Мать Федора Ивановича Анна Федоровна (1761? -1834), дочь сержанта Семеновского полка Федора Ивановича Майкова, происходила из почтенного, но сравнительно незнатного и небогатого рода Майковых. К этому роду принадлежал святой Нил Сорский, "по реклу Майков" (1433-1508). В одном из своих писаний Нил Сорский говорит "О себе же не смею творити что, понеже невежа и поселянин семь". Может быть, он действительно происходил из поселян, но может быть, эти слова имеют лишь риторический смысл. Современником Нила Сорского был дьяк вел. кн. Василия Васильевича Андрей Майко. В 1591 году губным старостой в Рязани был Иван Майков. От него Майковы и ведут свой род. Поэт Аполлон Майков и академик Леонид Майков - его же потомки.

Майковы владели имениями в Ярославской и Костромской губерниях. В тех же губерниях находились имения Толстых. Отсюда понятно знакомство между этими двумя семьями, последствием которого была женитьба И.А. Толстого на А.Ф. Майковой.
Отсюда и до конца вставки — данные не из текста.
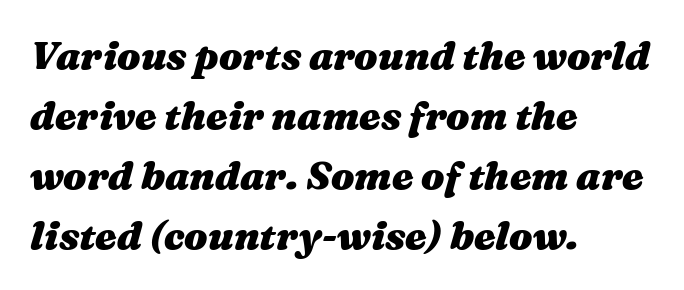
The image shows 39 px heavy, wide type, italic (leaning right); set left-aligned, normal line spacing (1.54x), normal letter spacing, not underlined; medium stroke contrast and a medium x-height.
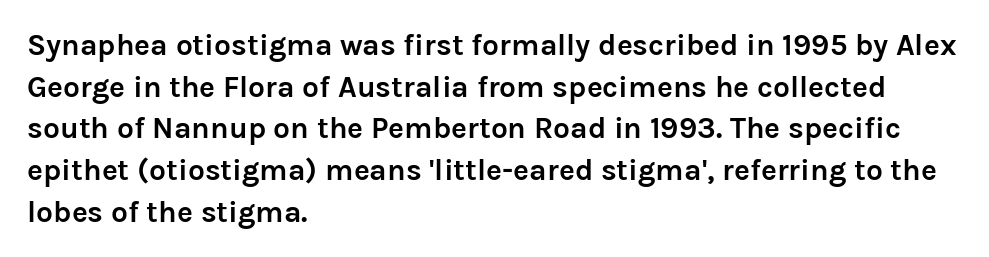
Q: Is the text bold? A: Yes.
Q: Is the text italic (slanted)? A: No, it is upright.
Q: Is the typeface a serif or a sans-serif typeface? A: Sans-serif.
Q: Is the text underlined? A: No.
Q: How is the paragraph aligned? A: Left-aligned.
Q: Is the spacing between letters normal or unusually wide? A: Normal.
Q: Is the spacing between lines tight, normal or loose? A: Normal.
Q: Width (condensed, normal, or wide)? A: Normal.
Q: Stroke contrast? A: Low.
Q: x-height? A: Medium.
Q: Monospaced? A: No.

Можно предположить, что Иван Андреевич Толстой был верноподданным своих государей и убежденный дворянин, не вольтерианец и не франкмасон, иначе его и не выбрали бы в предводители. Анна Федоровна была вероятно благочестива - ведь к роду Майковых принадлежал святой Нил Сорский. Они были сравнительно небогатыми, уважаемыми помещиками средней руки, занимавшими видное положение разве только в глуши - в Кологривском уезде. Il n'y a de vrai bonheur, que dans les voies communes *, сказал какой-то писатель, и родители Федора Ивановича были, вероятно, счастливы в житейском смысле.
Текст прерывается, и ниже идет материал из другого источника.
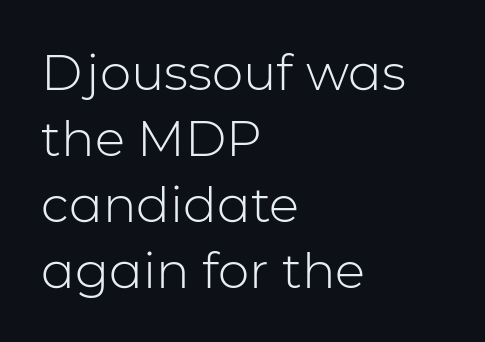
The image shows 50 px light sans-serif type, upright; set left-aligned, normal line spacing (1.32x), normal letter spacing, not underlined; low stroke contrast and a medium x-height.

* Истинное счастье бывает лишь на обычных путях (фр.).

У них было три сына: Федор, Петр, Януарий и четыре дочери: Мария, Вера, Анна и Екатерина. Надо было устроить будущность этой многочисленной семьи, что и было сделано так, как это полагалось в дворянских семьях. Сыновья были отданы в кадетские корпуса, а дочери, кроме Анны, умершей в молодости, были выданы замуж .


Федор Иванович родился 6 февраля 1782 года, где именно - сведений нет; вероятно, он родился и провел свое детство в имении своих родителей, в Кологривском уезде. В деревне, в глуши Костромской губернии он запасся хорошим здоровьем и там же, в атмосфере крепостного права, его буйный нрав развертывался вовсю, сдерживаемый разве только его отцом, человеком военным, следовательно, знакомым с дисциплиной. Если верить Вигелю, Федор Иванович уже с юных лет проявлял жестокость. Про него рассказывали, пишет Вигель, будто в отрочестве он любил ловить крыс и лягушек, перочинным ножом разрезывал им брюхо и по целым часам тешился их смертельной мукой.
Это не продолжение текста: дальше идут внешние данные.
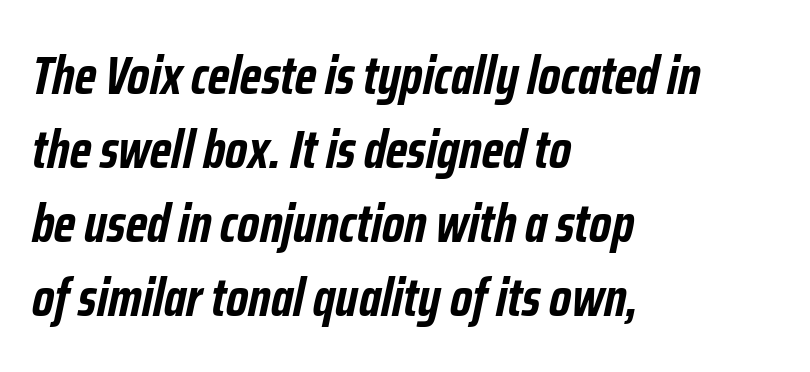
Q: Is the text bold? A: Yes.
Q: Is the text italic (slanted)? A: Yes, it leans right by about 12 degrees.
Q: Is the text underlined? A: No.
Q: How is the paragraph aligned? A: Left-aligned.
Q: Is the spacing between letters normal or unusually wide? A: Normal.
Q: Is the spacing between lines tight, normal or loose? A: Normal.
Q: Width (condensed, normal, or wide)? A: Condensed.
Q: Stroke contrast? A: Low.
Q: x-height? A: Medium.
Q: Monospaced? A: No.

Образование он получил в Морском корпусе. Надо предполагать, что там он выказал свои хорошие способности, поведение же его едва ли было образцовым. Из Морского корпуса он почему-то поступил не в моряки, а в гвардию - в Преображенский полк.

Федор Иванович был среднего роста, плотен, силен, красив и хорошо сложен, лицо его было кругло, полно и смугло, вьющиеся волосы были черны и густы, черные глаза его блестели, а когда он сердился, говорит Булгарин, страшно было заглянуть ему в глаза.

Остроумный, страстный и живой, он был привлекателен не только для женщин, но и для тех своих товарищей, с которыми дружил или отношениями с которыми дорожил. Наоборот, люди ему не симпатичные или не нужные не любили его и боялись. Самолюбивый, дерзкий и смелый, он не только не прощал обиды, но сам вел себя вызывающе. Последствием этого являлись дуэли, бывшие в то время в моде. А он не только не избегал дуэлей, но даже любил их. Ф. Булгарин пишет про него:

"Он был опасный соперник, потому что стрелял превосходно из пистолета, фехтовал не хуже Севербека (общего учителя фехтования того времени) и рубился мастерски на саблях. При этом он был точно храбр и, не взирая на пылкость характера, хладнокровен и в сражении и в поединке".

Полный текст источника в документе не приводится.